Please repeat exactly, and only, the lines from the one containing "This image occurs 3.6 s after image 1." through the end of the records below, with no pictures.

● ● ● ● ● ● ●

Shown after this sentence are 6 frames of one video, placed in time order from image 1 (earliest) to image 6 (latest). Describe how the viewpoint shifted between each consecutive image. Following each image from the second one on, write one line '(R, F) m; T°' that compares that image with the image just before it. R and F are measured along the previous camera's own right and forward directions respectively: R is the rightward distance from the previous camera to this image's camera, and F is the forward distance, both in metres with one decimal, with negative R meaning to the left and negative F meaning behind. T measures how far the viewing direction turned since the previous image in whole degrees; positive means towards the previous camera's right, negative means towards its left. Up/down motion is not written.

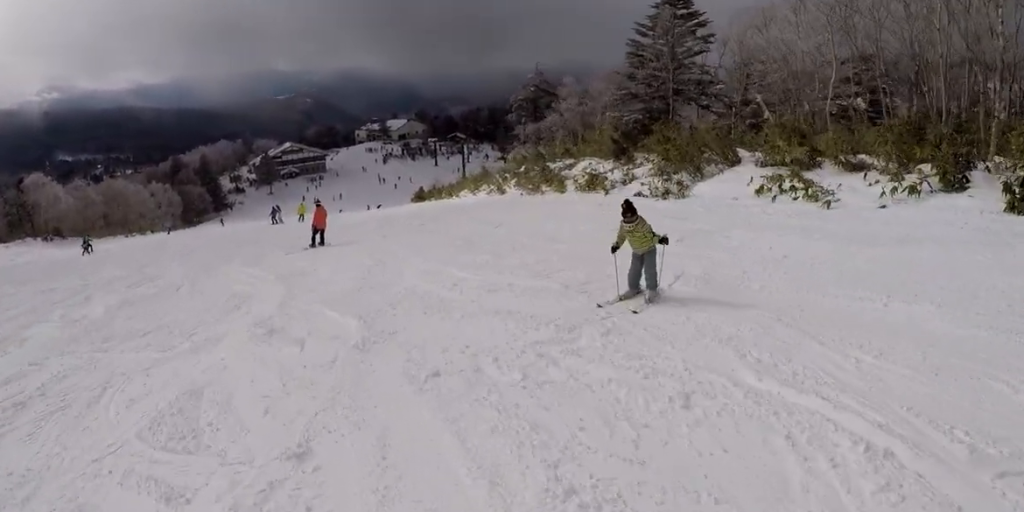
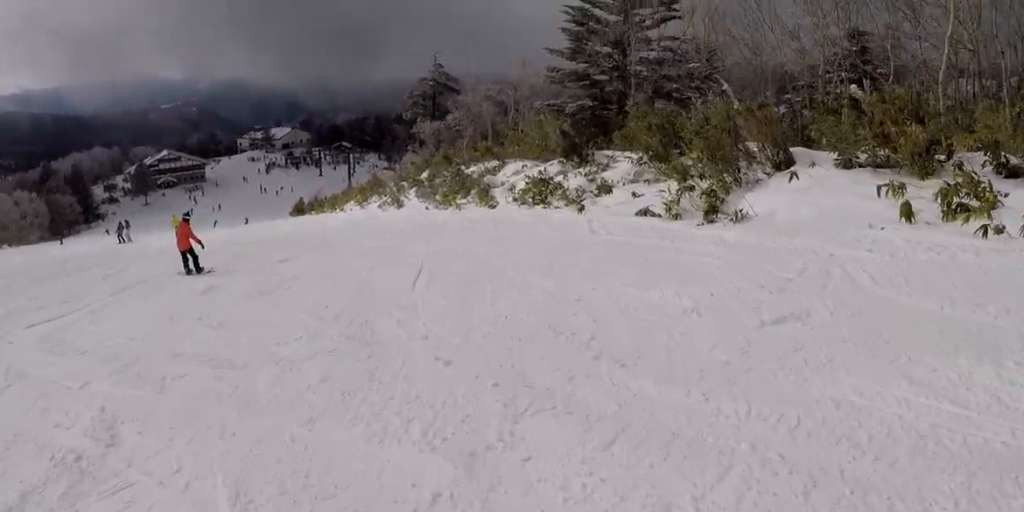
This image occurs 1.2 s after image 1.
(+0.8, +8.5) m; +10°
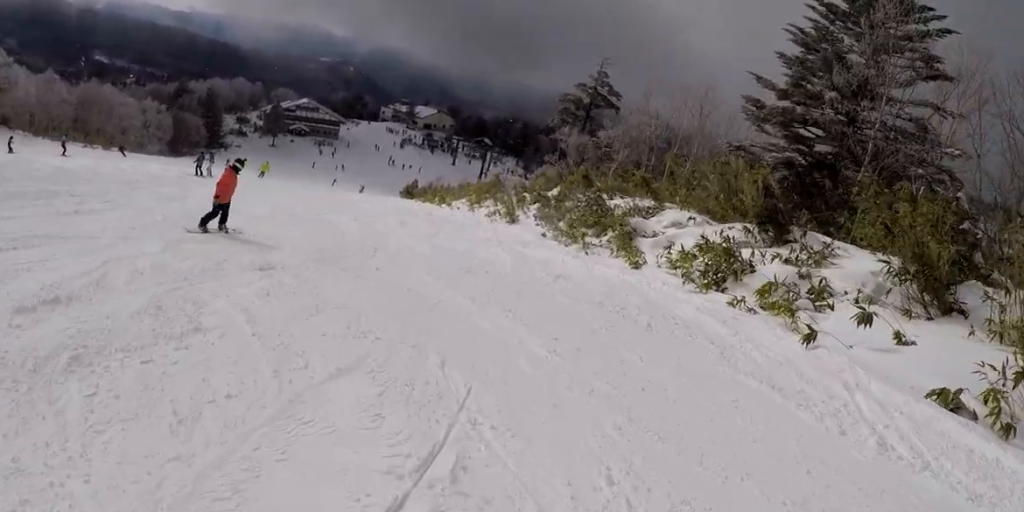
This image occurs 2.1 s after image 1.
(+0.4, +6.3) m; -4°
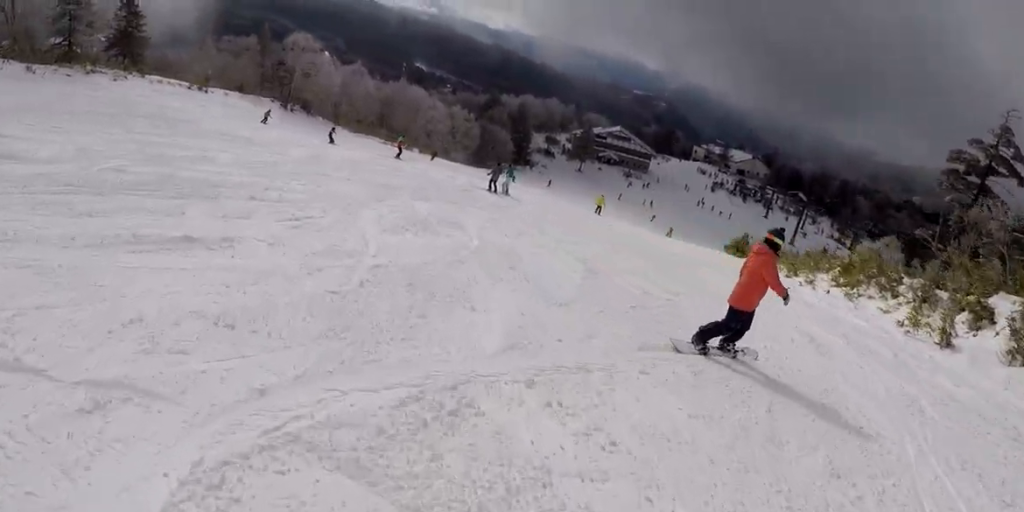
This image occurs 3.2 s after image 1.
(-1.2, +7.6) m; -26°
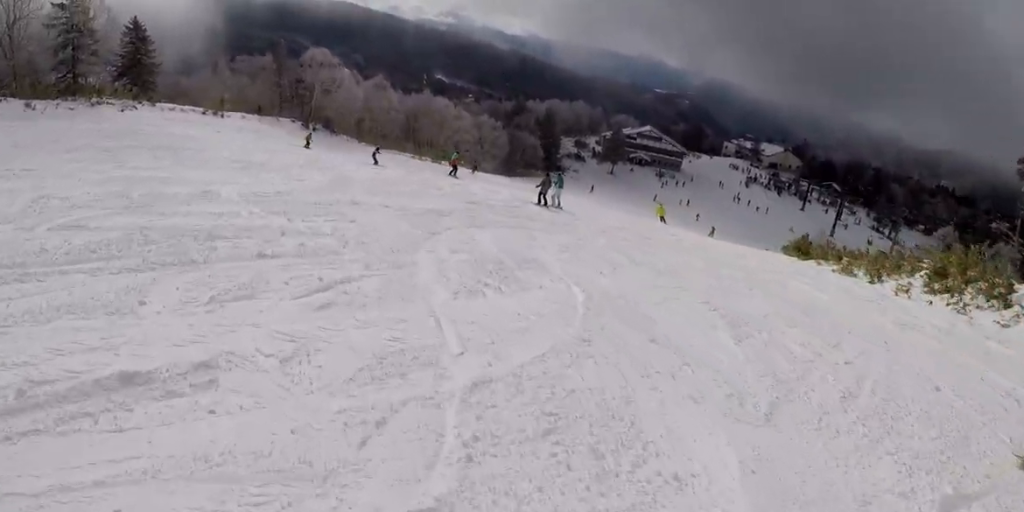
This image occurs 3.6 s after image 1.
(0.0, +2.9) m; -12°
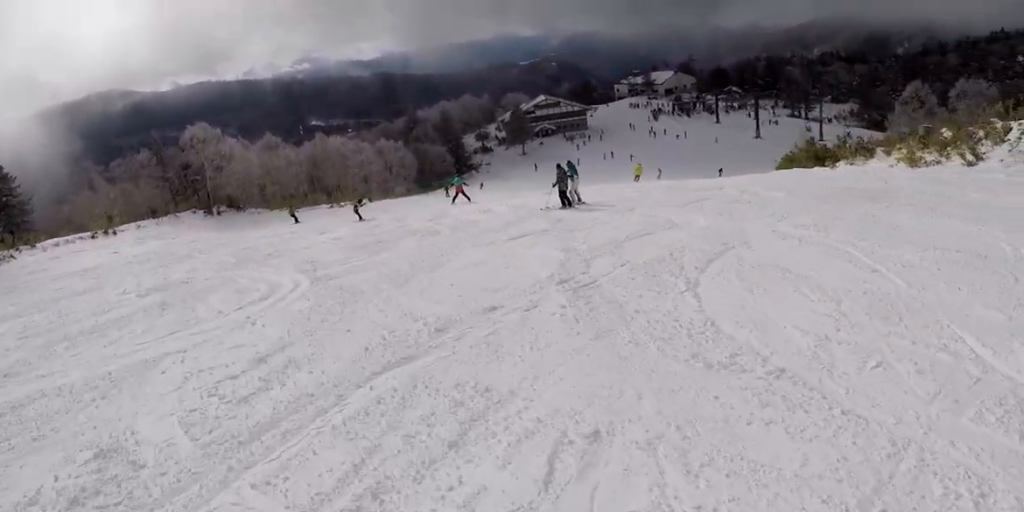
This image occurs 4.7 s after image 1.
(-1.6, +7.7) m; -3°

● ● ● ● ● ● ●

» **RESPONSE**
This image occurs 3.6 s after image 1.
(0.0, +2.9) m; -12°
This image occurs 4.7 s after image 1.
(-1.6, +7.7) m; -3°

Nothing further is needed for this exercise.